╭──

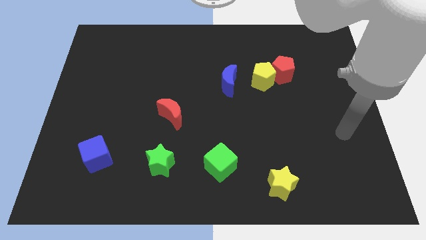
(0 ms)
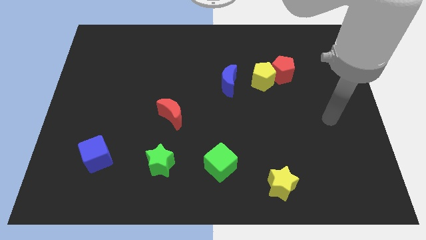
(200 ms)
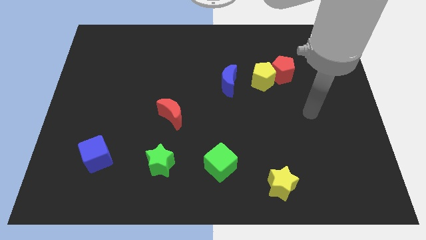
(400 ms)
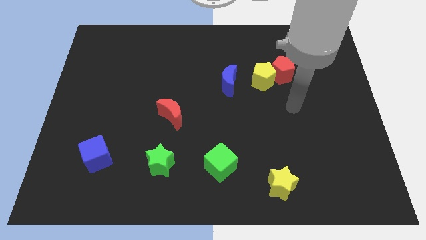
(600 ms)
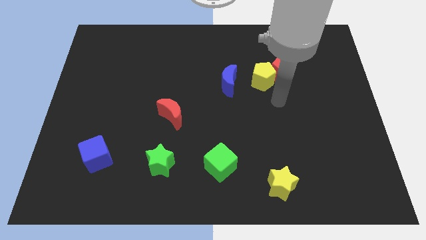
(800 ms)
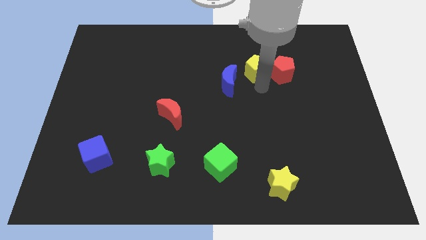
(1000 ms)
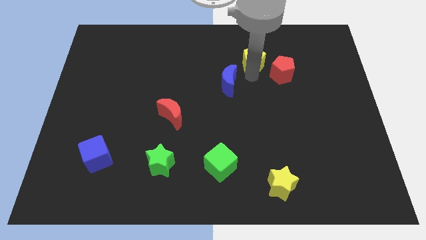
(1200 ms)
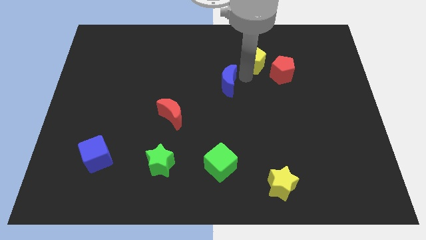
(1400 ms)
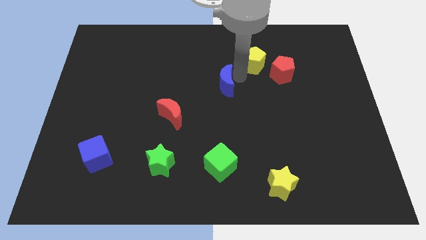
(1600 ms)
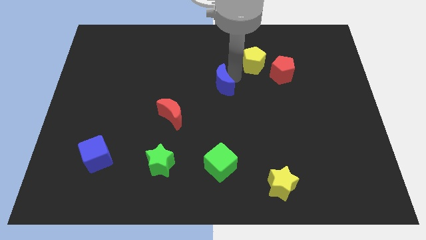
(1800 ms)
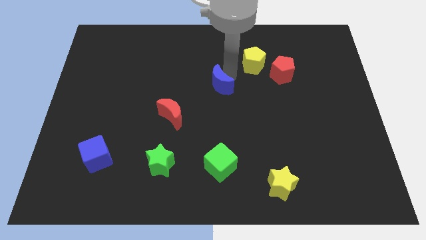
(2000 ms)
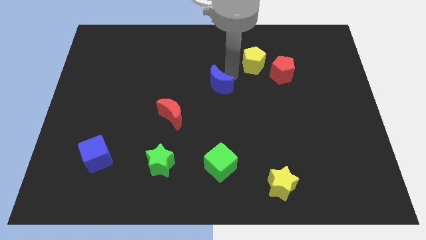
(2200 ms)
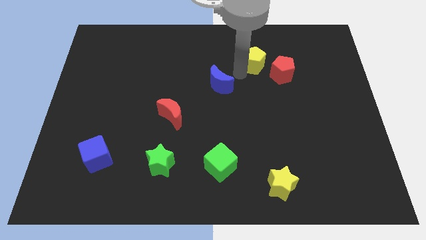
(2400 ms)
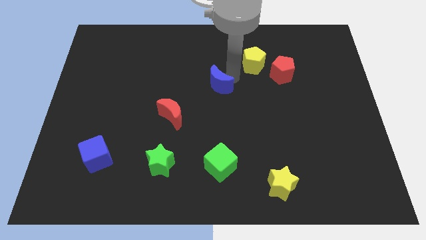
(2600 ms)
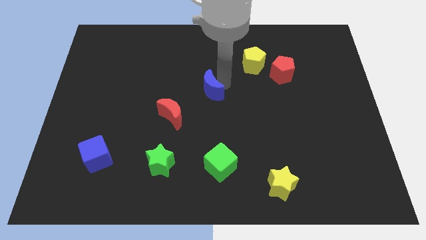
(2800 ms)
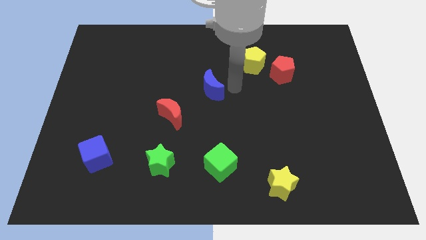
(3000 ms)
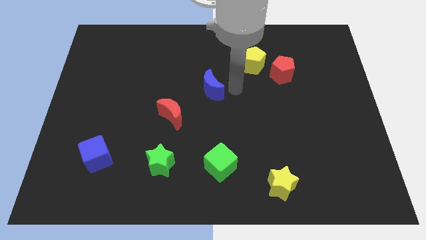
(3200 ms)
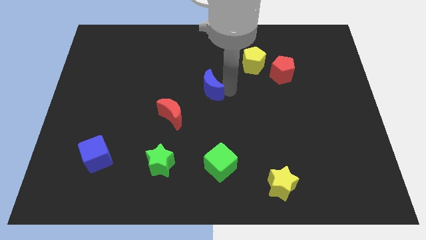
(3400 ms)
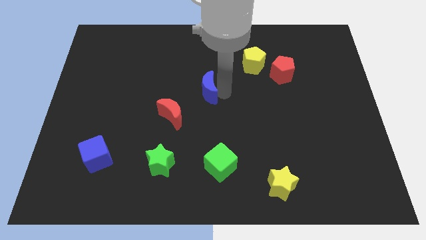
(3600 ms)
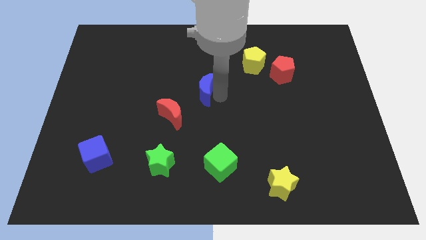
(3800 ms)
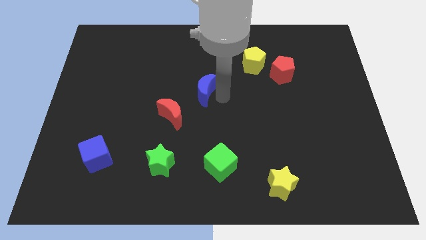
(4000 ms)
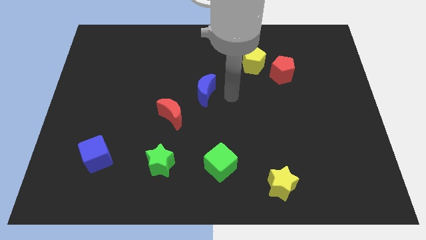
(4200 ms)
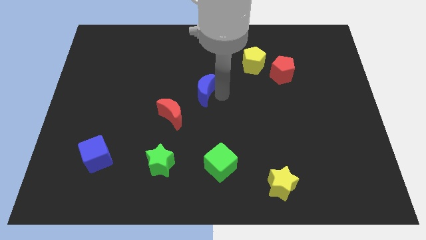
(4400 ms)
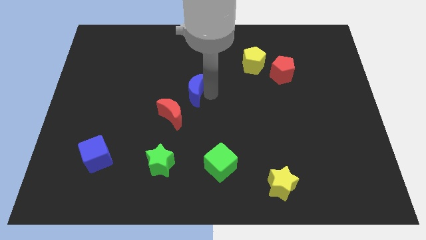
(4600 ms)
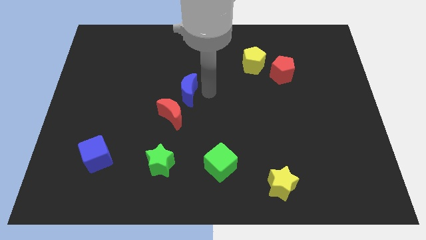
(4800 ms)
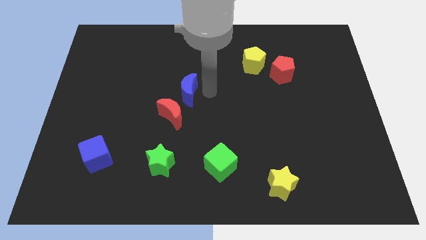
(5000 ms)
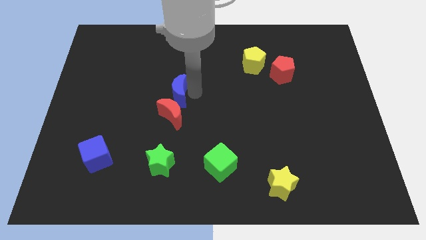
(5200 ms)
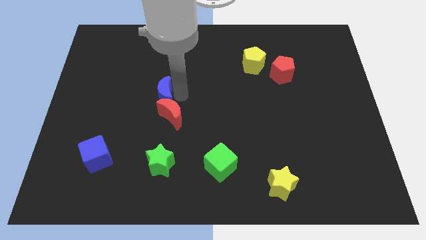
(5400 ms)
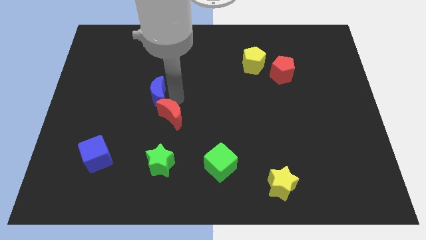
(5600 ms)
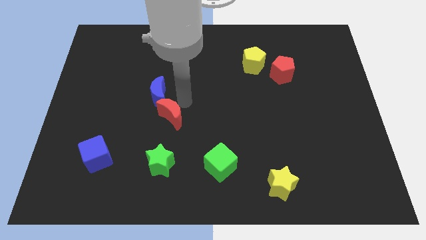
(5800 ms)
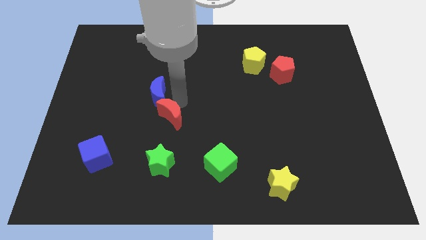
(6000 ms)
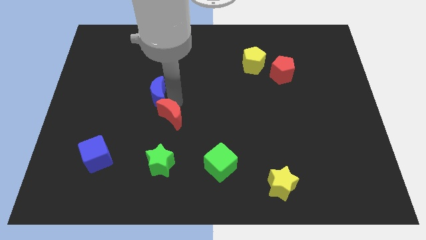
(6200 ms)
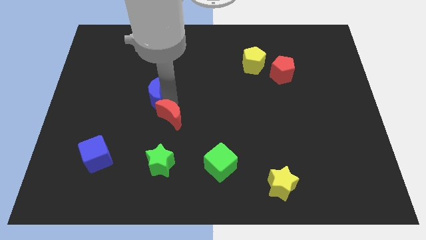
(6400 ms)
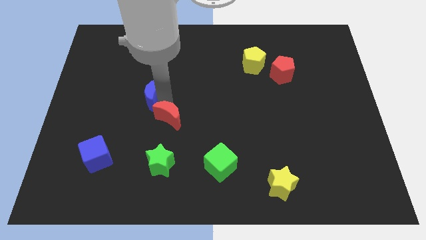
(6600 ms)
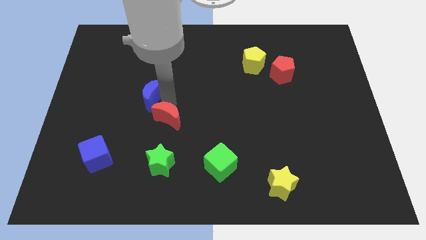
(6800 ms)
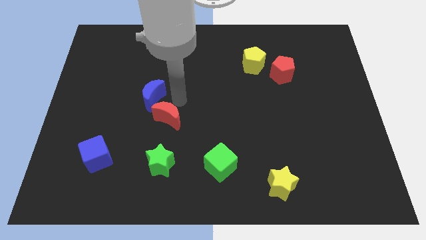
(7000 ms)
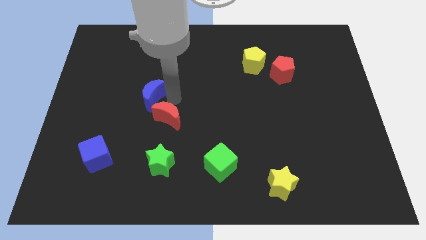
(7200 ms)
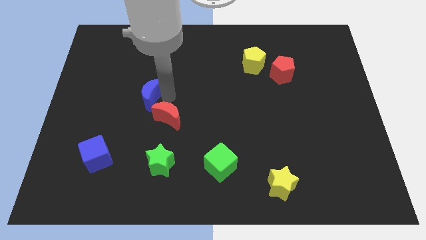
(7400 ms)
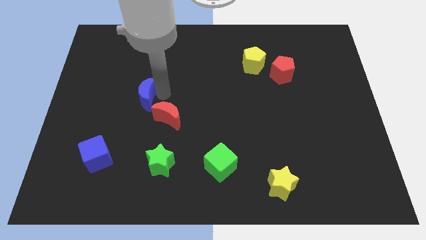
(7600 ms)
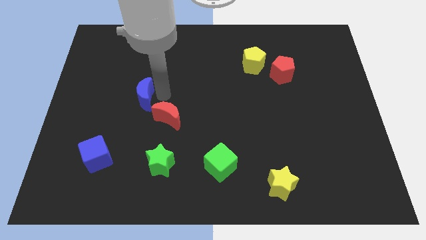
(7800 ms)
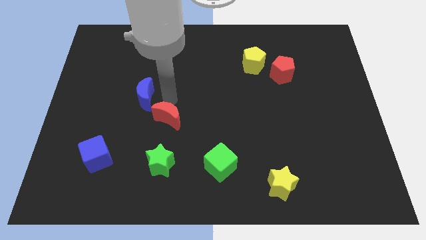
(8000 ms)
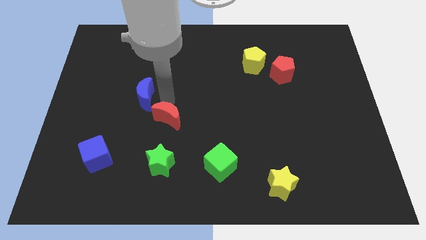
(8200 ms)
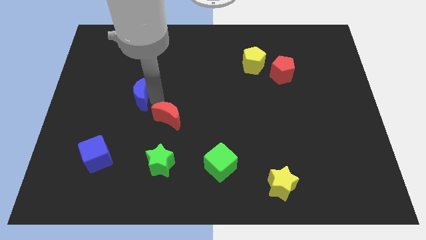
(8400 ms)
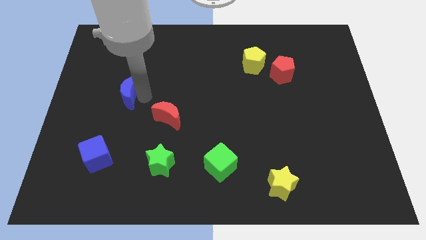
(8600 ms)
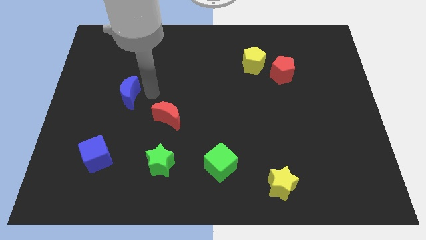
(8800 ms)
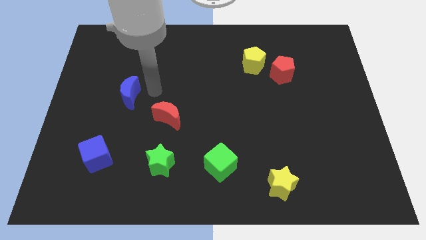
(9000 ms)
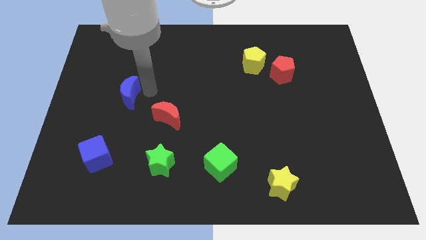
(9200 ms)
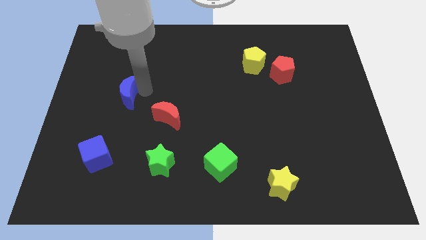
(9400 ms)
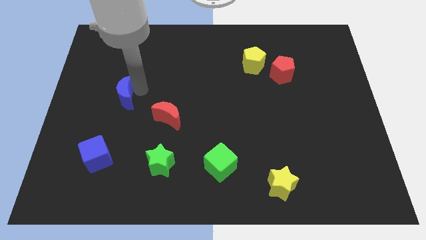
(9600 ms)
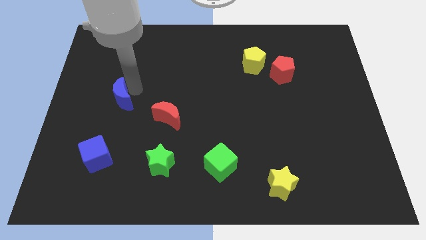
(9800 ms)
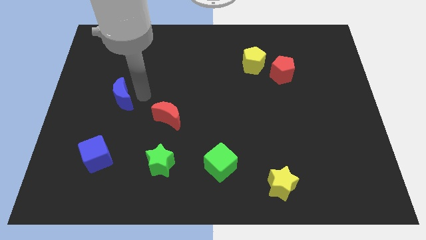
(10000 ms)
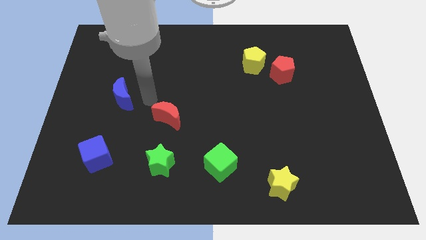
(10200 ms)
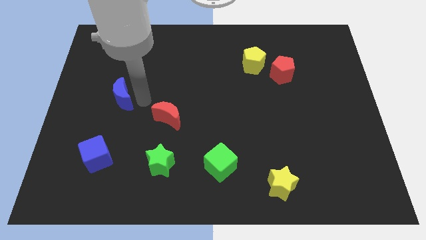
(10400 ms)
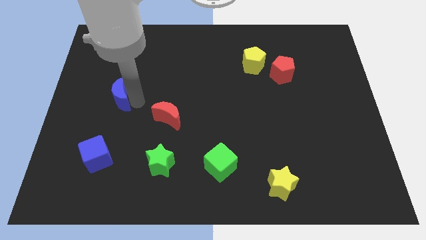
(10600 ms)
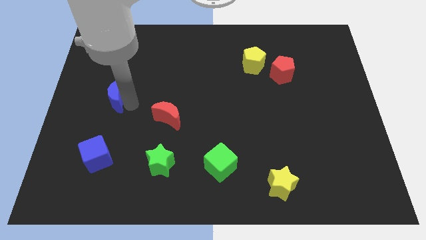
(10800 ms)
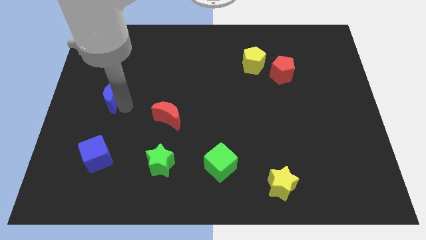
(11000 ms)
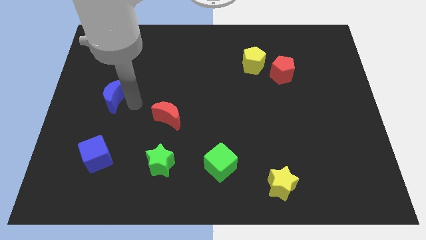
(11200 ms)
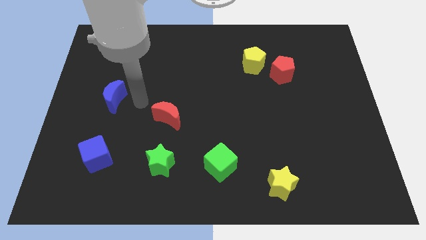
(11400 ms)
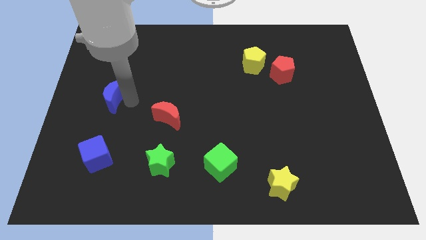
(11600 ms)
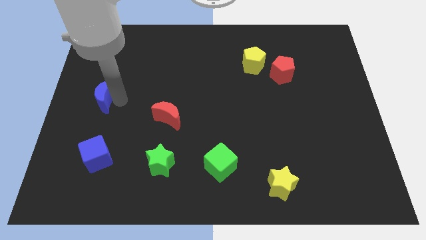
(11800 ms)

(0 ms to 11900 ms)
slide the blue moon to the center left

╰──

**Instructions to follow**
Your copy of the entries must be exact and must not include any of their pictures.

**Answer below**
(0 ms)
(200 ms)
(400 ms)
(600 ms)
(800 ms)
(1000 ms)
(1200 ms)
(1400 ms)
(1600 ms)
(1800 ms)
(2000 ms)
(2200 ms)
(2400 ms)
(2600 ms)
(2800 ms)
(3000 ms)
(3200 ms)
(3400 ms)
(3600 ms)
(3800 ms)
(4000 ms)
(4200 ms)
(4400 ms)
(4600 ms)
(4800 ms)
(5000 ms)
(5200 ms)
(5400 ms)
(5600 ms)
(5800 ms)
(6000 ms)
(6200 ms)
(6400 ms)
(6600 ms)
(6800 ms)
(7000 ms)
(7200 ms)
(7400 ms)
(7600 ms)
(7800 ms)
(8000 ms)
(8200 ms)
(8400 ms)
(8600 ms)
(8800 ms)
(9000 ms)
(9200 ms)
(9400 ms)
(9600 ms)
(9800 ms)
(10000 ms)
(10200 ms)
(10400 ms)
(10600 ms)
(10800 ms)
(11000 ms)
(11200 ms)
(11400 ms)
(11600 ms)
(11800 ms)

(0 ms to 11900 ms)
slide the blue moon to the center left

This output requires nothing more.